Protestanten in Europa für Gewissensfreiheit beim Thema Sterbehilfe

Bad Neuenahr (epd). Die protestantischen Kirchen in Europa lehnen Forderungen nach einem Recht auf Suizid oder eine Tötung auf Verlangen ab. Dennoch sei die Achtung der Gewissensfreiheit auch beim Thema Sterbehilfe ein zutiefst christlicher Grundsatz, sagte der Wiener Sozialethiker Ulrich H.J. Körtner am Dienstag in Bad Neuenahr. Der Glaube an die Auferstehung führe auch zu einer Relativierung des Lebens: Es sei nicht das höchste Gut.

Die Freiheit eines Christenmenschen schließe "die Freiheit nicht nur im Sterben, sondern auch zum Sterben ein", unterstrich der Theologieprofessor. Körtner stellte der rheinischen Landessynode die Orientierungshilfe "Eine Zeit zum Leben, eine Zeit zum Sterben" vor, die von der Gemeinschaft Evangelischer Kirchen in Europa im Sommer 2011 veröffentlicht wurde. Ziel des Dokumentes sei es, die wichtigsten moralischen und ethischen Anliegen von Sterbehilfe und Lebensende zu benennen.

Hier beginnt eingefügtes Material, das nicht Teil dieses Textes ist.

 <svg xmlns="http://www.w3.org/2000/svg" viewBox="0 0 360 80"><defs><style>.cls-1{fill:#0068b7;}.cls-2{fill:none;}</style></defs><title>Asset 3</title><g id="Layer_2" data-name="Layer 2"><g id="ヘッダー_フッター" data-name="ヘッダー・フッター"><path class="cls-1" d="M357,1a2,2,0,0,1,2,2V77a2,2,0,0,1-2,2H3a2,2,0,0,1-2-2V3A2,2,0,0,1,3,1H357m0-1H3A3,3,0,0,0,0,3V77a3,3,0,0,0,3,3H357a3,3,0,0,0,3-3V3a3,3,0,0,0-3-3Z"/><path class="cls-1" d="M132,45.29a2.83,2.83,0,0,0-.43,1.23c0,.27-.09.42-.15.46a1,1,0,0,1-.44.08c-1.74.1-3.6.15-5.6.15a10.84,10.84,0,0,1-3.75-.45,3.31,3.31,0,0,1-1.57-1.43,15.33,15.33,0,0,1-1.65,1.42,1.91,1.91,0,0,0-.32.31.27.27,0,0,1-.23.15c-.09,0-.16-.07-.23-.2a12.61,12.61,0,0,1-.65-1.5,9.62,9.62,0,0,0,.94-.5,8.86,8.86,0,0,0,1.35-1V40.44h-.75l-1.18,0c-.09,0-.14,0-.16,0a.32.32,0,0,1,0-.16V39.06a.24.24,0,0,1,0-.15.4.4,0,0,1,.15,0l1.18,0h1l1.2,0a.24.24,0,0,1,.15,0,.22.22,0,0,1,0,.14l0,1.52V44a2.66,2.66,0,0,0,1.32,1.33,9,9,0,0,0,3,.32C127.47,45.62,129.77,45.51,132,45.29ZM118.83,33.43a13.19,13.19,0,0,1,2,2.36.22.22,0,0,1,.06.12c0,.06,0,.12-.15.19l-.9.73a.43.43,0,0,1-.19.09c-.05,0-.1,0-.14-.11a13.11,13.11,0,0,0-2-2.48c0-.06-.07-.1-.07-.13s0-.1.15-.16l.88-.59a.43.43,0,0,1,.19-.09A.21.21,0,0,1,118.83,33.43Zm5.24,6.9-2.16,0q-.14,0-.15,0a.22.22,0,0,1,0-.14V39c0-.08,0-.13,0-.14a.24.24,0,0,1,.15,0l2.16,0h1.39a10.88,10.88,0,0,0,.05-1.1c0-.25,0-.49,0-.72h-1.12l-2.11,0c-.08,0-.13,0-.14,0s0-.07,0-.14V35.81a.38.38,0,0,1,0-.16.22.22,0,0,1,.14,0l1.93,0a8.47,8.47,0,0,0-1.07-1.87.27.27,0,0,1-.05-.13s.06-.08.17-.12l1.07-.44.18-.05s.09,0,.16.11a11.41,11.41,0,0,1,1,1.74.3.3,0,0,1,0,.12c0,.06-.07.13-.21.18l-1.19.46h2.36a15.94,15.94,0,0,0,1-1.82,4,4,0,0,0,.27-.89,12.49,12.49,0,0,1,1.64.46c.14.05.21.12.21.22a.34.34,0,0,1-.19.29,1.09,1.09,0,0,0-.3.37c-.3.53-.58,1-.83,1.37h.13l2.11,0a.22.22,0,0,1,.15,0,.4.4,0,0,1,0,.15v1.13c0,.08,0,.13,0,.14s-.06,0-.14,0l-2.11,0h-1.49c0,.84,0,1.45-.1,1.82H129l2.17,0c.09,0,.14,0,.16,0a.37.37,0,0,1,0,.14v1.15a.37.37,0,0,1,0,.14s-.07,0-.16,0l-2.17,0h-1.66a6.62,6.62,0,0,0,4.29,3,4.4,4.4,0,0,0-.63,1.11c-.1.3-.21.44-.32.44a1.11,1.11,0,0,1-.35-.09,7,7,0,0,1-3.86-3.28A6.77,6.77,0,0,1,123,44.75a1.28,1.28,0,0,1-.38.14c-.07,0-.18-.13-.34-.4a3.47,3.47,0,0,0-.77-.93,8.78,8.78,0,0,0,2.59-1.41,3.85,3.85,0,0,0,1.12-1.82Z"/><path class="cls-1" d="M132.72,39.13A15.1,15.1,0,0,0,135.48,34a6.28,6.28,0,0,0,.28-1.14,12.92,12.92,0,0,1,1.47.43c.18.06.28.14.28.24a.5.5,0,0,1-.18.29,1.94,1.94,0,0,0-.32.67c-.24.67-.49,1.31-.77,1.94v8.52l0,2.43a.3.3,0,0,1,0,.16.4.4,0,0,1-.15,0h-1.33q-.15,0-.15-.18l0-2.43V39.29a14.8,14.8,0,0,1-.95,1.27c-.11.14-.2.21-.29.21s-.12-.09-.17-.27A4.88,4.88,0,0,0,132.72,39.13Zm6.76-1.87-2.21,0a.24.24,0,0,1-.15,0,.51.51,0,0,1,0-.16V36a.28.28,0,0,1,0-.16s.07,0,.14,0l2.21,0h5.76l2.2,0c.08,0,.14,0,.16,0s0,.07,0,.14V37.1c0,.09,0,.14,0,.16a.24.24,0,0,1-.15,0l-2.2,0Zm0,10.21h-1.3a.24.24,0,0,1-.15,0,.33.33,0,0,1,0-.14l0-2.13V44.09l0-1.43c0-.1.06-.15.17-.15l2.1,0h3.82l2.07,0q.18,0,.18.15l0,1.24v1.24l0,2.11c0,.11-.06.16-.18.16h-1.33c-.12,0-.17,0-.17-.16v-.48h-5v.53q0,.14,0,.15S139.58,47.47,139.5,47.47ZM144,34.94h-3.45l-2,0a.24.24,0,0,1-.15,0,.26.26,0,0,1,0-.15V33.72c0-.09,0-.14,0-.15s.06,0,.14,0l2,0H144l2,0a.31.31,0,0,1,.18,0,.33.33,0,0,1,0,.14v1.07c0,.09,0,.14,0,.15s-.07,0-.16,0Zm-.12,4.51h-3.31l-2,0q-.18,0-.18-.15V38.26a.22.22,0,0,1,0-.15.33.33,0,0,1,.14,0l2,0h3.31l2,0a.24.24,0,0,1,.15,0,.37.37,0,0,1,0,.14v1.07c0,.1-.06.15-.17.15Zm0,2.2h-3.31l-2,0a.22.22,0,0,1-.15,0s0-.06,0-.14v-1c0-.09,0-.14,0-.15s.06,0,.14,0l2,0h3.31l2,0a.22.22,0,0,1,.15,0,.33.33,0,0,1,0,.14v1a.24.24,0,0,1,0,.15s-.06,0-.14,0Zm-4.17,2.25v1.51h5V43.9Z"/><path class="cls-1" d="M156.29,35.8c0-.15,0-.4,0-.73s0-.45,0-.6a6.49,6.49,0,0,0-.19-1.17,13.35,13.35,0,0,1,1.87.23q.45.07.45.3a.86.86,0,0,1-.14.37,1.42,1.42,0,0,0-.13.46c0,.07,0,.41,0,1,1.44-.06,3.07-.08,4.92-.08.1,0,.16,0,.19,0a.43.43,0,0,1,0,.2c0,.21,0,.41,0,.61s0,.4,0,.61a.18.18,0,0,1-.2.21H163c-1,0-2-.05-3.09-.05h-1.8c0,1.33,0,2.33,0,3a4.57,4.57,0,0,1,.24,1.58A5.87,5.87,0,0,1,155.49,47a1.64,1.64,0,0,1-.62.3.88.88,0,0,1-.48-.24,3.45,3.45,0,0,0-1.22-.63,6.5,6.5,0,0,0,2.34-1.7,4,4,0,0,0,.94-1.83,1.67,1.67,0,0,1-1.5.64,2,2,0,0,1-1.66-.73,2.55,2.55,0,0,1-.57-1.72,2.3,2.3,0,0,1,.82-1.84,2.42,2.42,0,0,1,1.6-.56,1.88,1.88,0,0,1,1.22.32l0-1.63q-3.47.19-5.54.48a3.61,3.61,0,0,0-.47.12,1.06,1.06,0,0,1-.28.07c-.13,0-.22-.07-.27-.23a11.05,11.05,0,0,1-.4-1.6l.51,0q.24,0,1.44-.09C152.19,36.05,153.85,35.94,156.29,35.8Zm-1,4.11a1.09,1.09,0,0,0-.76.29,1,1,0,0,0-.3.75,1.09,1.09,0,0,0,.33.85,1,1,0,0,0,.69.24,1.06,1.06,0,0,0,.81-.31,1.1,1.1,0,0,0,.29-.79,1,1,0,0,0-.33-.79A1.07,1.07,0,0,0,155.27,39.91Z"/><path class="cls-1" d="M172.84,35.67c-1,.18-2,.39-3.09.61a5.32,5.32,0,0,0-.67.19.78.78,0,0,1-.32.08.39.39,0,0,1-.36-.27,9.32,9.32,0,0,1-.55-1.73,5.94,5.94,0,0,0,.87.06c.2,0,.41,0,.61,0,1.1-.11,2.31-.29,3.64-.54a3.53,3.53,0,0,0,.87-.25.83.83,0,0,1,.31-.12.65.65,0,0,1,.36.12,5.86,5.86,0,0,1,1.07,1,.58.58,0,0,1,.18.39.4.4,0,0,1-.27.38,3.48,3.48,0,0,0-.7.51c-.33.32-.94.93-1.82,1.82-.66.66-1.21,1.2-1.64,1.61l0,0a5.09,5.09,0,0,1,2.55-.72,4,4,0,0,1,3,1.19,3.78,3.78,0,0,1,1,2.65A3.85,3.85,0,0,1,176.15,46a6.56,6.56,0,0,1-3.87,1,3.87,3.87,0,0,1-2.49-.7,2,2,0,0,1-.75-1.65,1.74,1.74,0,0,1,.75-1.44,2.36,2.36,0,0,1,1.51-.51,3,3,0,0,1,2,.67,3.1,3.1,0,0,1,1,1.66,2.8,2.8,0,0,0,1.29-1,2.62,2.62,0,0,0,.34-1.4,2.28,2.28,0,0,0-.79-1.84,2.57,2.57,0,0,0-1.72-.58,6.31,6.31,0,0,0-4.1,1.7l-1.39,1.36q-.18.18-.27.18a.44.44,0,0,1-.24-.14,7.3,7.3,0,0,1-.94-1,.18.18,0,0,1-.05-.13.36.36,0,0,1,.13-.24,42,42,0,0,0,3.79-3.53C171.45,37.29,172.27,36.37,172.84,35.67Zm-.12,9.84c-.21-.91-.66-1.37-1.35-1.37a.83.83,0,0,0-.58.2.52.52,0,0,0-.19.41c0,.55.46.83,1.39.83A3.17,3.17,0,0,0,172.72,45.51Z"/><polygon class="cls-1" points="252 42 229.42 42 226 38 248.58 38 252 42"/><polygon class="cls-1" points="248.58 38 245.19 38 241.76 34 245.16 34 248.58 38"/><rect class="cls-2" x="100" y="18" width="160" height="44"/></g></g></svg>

Der Zusammenschluss von 105 protestantischen Kirchen vertritt Körtner zufolge beim Thema Sterbebegleitung und Sterbehilfe zwar keine einheitlich Position, aber eine deutlich andere als die katholische Kirche. Auch in Deutschland werde in manchen katholischen Pflegeeinrichtungen Patienten das Recht abgesprochen, auf Sondenernährung zu verzichten, sagte der Sozialethiker. Diese Einschränkungen des Selbstbestimmungsrechts seien nicht nur mit der geltenden Medizinethik, sondern auch mit einem protestantischen Verständnis von Gewissensfreiheit unvereinbar. "Der Grundsatz des Lebensschutzes legitimiert weder ethische noch rechtlich die Bevormundung und Entmündigung von Patienten", sagte Körtner.